• [YOUR INSTRUCTIONS]:
Aim for an exact copy of the listing, without any images.
# # #
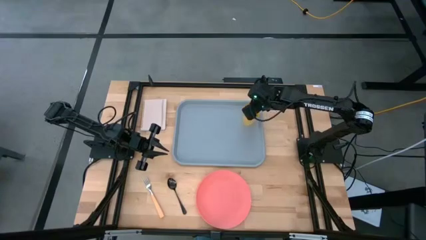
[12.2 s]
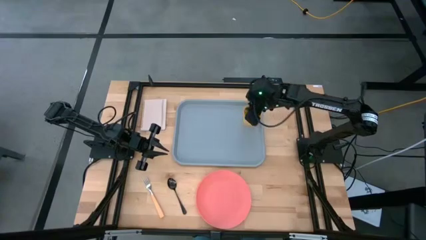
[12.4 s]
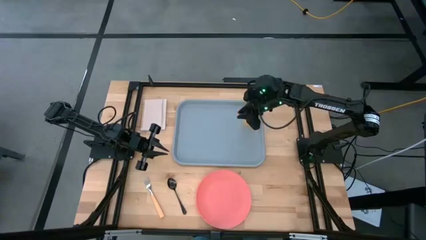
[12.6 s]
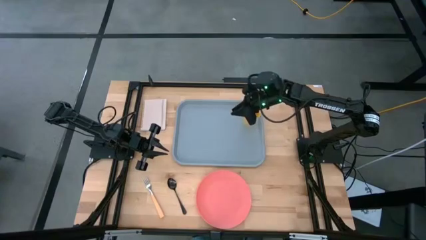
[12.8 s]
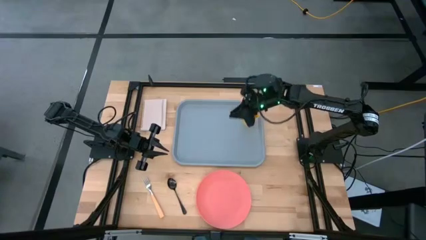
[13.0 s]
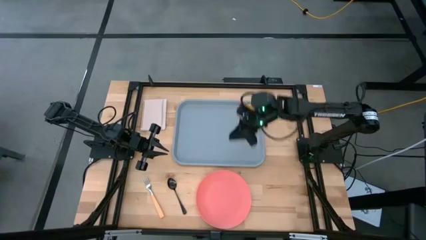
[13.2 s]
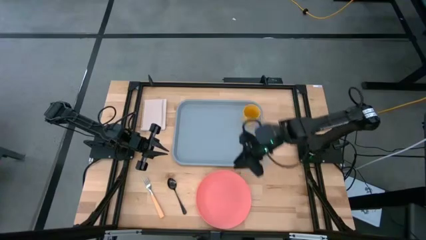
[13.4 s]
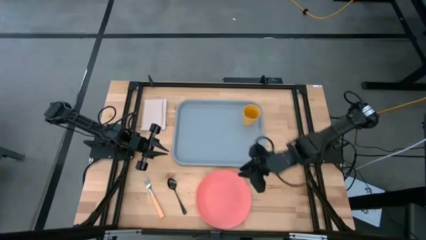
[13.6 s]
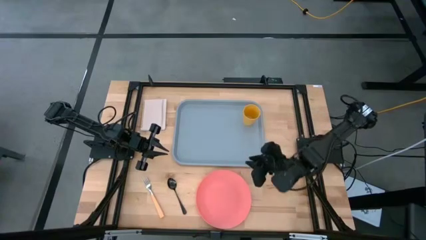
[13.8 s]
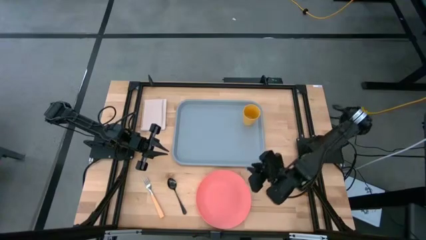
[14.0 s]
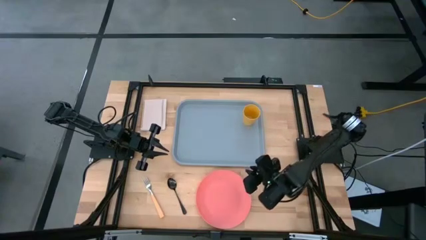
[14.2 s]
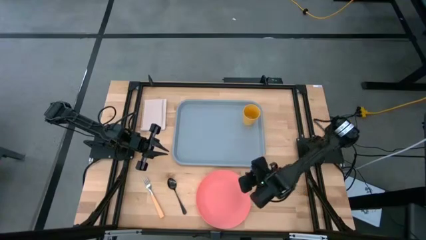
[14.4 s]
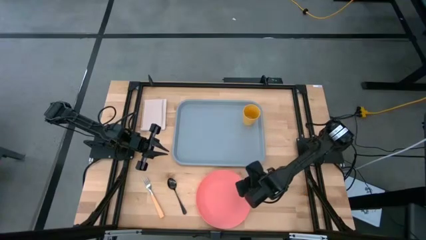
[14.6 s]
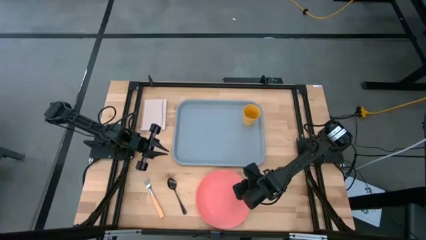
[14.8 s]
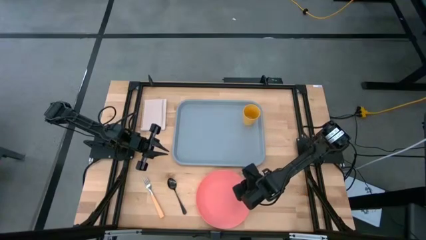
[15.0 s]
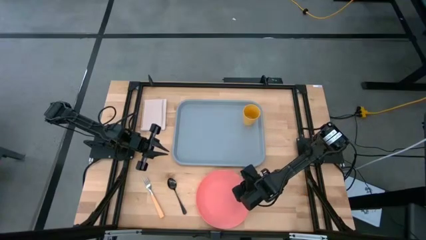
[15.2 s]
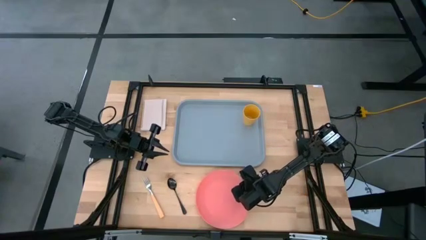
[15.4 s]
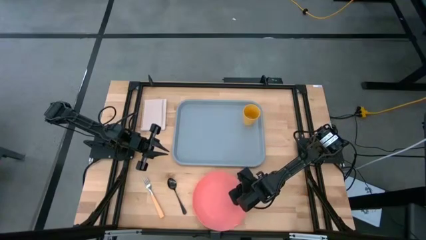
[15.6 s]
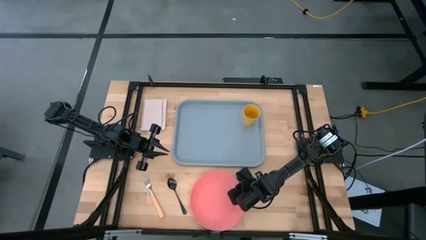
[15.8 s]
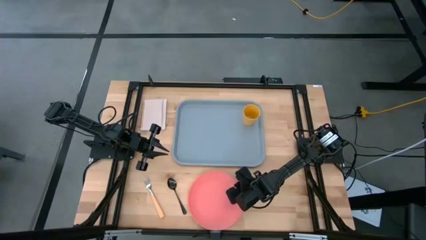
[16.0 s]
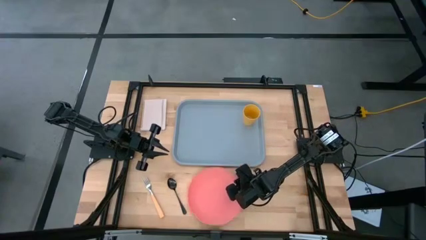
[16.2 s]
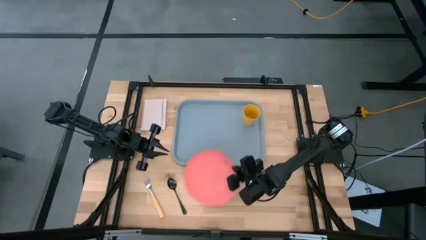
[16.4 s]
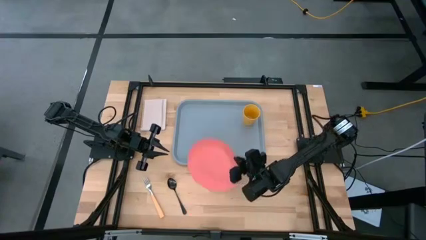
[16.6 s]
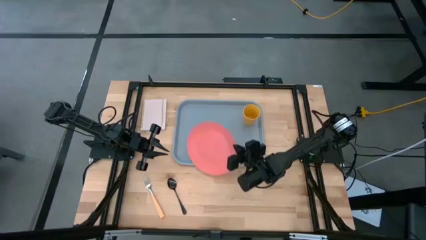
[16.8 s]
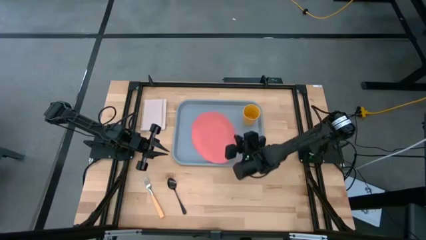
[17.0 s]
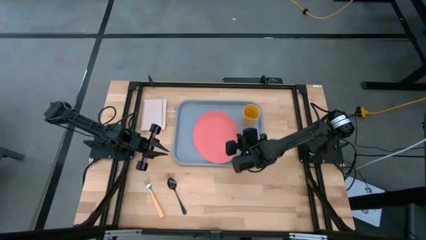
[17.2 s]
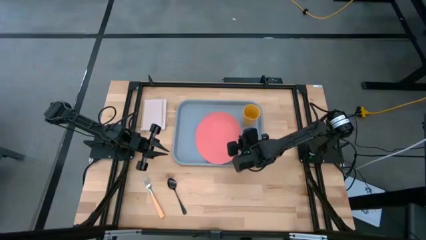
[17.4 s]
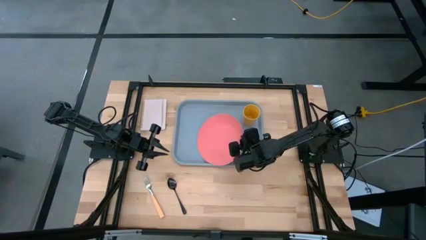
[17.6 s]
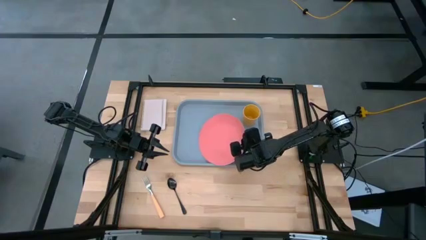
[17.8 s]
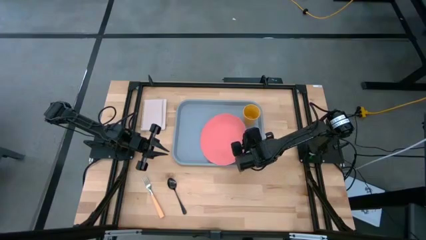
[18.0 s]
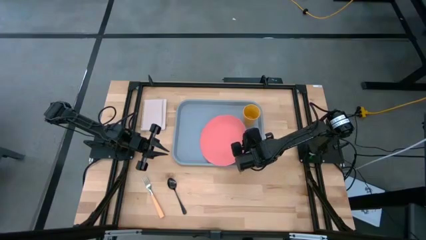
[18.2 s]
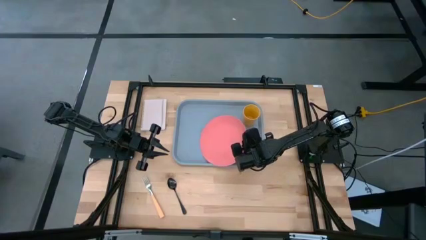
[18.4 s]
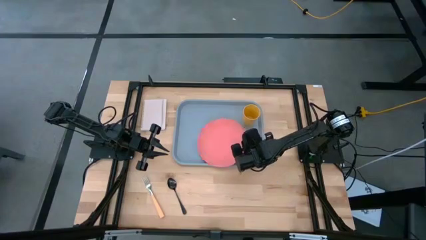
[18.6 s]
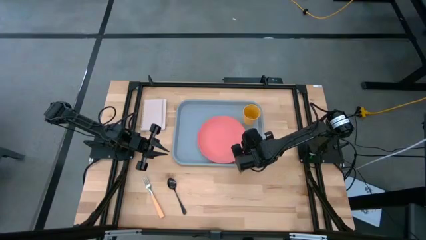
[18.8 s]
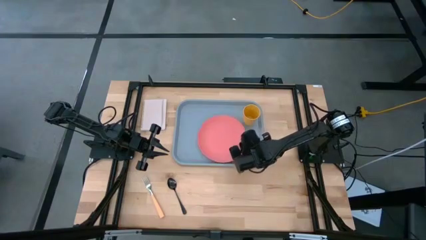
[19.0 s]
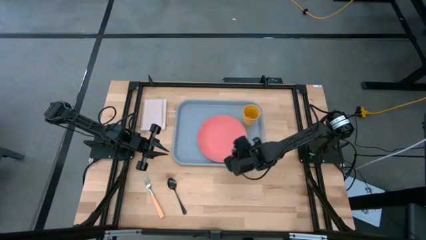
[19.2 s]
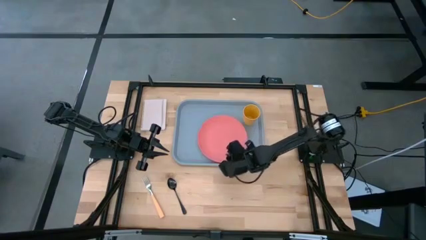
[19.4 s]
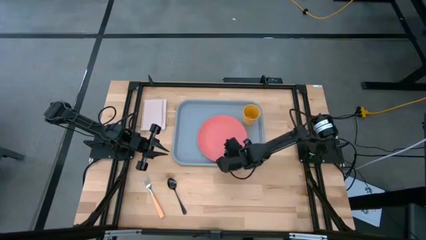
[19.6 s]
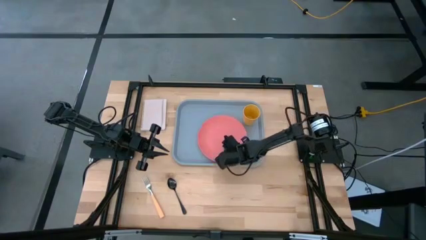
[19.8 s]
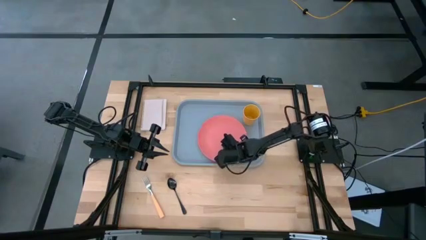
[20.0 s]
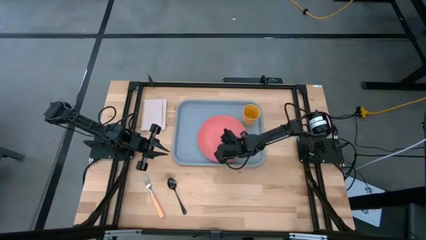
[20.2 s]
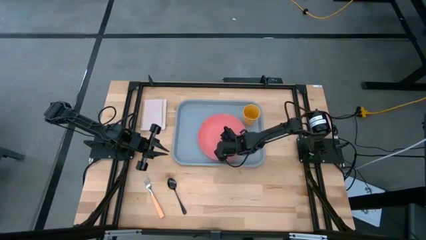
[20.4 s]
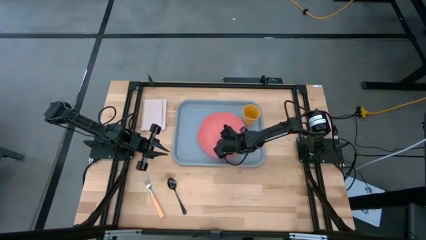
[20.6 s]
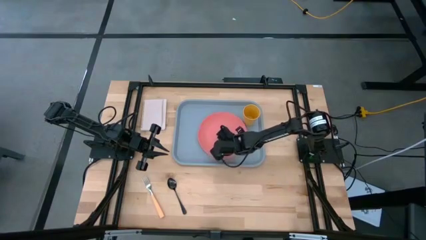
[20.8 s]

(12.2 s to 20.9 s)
Task: Pick and place plate/cup/fork/spoon on tray
Put the pink plate on the serving tray
# # #
• [TASK RESPONSE]:
[12.2 s]
[12.4 s]
[12.6 s]
[12.8 s]
[13.0 s]
[13.2 s]
[13.4 s]
[13.6 s]
[13.8 s]
[14.0 s]
[14.2 s]
[14.4 s]
[14.6 s]
[14.8 s]
[15.0 s]
[15.2 s]
[15.4 s]
[15.6 s]
[15.8 s]
[16.0 s]
[16.2 s]
[16.4 s]
[16.6 s]
[16.8 s]
[17.0 s]
[17.2 s]
[17.4 s]
[17.6 s]
[17.8 s]
[18.0 s]
[18.2 s]
[18.4 s]
[18.6 s]
[18.8 s]
[19.0 s]
[19.2 s]
[19.4 s]
[19.6 s]
[19.8 s]
[20.0 s]
[20.2 s]
[20.4 s]
[20.6 s]
[20.8 s]

(12.2 s to 20.9 s)
Task: Pick and place plate/cup/fork/spoon on tray
Put the pink plate on the serving tray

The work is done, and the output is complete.